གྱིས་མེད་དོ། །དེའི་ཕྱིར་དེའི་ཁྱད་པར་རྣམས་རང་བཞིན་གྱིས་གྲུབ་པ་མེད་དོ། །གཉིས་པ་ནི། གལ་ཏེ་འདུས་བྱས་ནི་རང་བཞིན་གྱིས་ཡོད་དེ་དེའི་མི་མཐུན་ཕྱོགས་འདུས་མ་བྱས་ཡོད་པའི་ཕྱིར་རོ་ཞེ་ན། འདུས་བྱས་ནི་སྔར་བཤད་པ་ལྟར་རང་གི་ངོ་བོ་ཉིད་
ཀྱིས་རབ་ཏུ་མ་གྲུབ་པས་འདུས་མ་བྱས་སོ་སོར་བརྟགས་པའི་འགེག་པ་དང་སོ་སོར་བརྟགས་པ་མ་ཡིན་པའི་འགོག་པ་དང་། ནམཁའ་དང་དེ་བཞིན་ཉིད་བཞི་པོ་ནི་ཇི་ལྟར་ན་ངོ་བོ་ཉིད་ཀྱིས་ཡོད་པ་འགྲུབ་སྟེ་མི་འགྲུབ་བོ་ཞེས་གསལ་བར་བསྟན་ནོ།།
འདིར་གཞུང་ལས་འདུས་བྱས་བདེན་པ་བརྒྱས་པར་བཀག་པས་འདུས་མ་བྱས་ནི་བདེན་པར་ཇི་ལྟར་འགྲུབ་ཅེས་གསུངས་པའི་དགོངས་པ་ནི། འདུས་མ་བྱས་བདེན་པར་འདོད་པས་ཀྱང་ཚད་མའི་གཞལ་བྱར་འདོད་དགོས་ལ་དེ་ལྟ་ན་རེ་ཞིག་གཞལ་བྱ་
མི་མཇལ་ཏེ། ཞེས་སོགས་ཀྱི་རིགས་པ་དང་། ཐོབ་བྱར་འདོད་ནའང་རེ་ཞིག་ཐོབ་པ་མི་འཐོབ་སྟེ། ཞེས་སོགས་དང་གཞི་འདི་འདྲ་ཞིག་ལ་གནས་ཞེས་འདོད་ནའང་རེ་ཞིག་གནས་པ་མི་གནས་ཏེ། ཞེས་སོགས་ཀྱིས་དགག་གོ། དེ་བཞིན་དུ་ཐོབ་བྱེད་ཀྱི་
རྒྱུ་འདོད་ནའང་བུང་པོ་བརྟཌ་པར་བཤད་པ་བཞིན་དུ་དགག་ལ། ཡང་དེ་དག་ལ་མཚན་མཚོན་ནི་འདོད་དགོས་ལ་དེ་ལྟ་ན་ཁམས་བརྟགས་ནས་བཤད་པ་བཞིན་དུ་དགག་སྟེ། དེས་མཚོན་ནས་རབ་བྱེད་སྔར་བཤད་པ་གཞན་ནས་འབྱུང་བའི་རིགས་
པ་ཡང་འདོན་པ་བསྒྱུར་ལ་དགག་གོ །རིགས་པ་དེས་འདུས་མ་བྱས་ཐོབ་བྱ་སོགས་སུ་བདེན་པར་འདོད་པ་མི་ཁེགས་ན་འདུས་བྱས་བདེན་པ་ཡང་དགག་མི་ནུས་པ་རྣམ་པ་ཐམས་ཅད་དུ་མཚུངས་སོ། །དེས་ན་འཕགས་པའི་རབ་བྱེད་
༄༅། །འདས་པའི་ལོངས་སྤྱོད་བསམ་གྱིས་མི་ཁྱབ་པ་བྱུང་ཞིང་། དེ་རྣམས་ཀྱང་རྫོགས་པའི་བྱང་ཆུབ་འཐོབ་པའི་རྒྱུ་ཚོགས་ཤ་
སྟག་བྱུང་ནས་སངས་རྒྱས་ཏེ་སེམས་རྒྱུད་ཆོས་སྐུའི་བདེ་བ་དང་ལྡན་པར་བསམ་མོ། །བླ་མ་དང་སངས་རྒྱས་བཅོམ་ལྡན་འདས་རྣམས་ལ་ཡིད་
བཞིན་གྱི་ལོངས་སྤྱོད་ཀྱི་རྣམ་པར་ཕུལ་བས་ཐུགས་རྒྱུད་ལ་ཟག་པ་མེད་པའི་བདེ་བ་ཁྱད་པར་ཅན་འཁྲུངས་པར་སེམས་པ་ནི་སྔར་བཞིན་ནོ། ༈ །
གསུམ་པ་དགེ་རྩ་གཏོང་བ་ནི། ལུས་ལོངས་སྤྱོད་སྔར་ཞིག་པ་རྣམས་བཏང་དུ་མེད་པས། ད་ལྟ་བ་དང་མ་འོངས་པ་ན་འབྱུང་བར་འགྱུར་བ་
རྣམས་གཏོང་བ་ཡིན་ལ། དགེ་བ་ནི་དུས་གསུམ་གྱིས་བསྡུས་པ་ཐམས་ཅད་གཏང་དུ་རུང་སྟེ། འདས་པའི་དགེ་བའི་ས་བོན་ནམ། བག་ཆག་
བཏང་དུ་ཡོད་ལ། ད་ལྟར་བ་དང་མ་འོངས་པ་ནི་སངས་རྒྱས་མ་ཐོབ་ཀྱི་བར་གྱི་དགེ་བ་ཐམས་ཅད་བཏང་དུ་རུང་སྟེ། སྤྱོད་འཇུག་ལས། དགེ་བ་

+ + + + + + +

Lines after the one containing "ཀྱིས་རབ་ཏུ་མ་ག" are left out; every line from the start of the entries through that line is restated word for word.

གྱིས་མེད་དོ། །དེའི་ཕྱིར་དེའི་ཁྱད་པར་རྣམས་རང་བཞིན་གྱིས་གྲུབ་པ་མེད་དོ། །གཉིས་པ་ནི། གལ་ཏེ་འདུས་བྱས་ནི་རང་བཞིན་གྱིས་ཡོད་དེ་དེའི་མི་མཐུན་ཕྱོགས་འདུས་མ་བྱས་ཡོད་པའི་ཕྱིར་རོ་ཞེ་ན། འདུས་བྱས་ནི་སྔར་བཤད་པ་ལྟར་རང་གི་ངོ་བོ་ཉིད་
ཀྱིས་རབ་ཏུ་མ་གྲུབ་པས་འདུས་མ་བྱས་སོ་སོར་བརྟགས་པའི་འགེག་པ་དང་སོ་སོར་བརྟགས་པ་མ་ཡིན་པའི་འགོག་པ་དང་། ནམཁའ་དང་དེ་བཞིན་ཉིད་བཞི་པོ་ནི་ཇི་ལྟར་ན་ངོ་བོ་ཉིད་ཀྱིས་ཡོད་པ་འགྲུབ་སྟེ་མི་འགྲུབ་བོ་ཞེས་གསལ་བར་བསྟན་ནོ།།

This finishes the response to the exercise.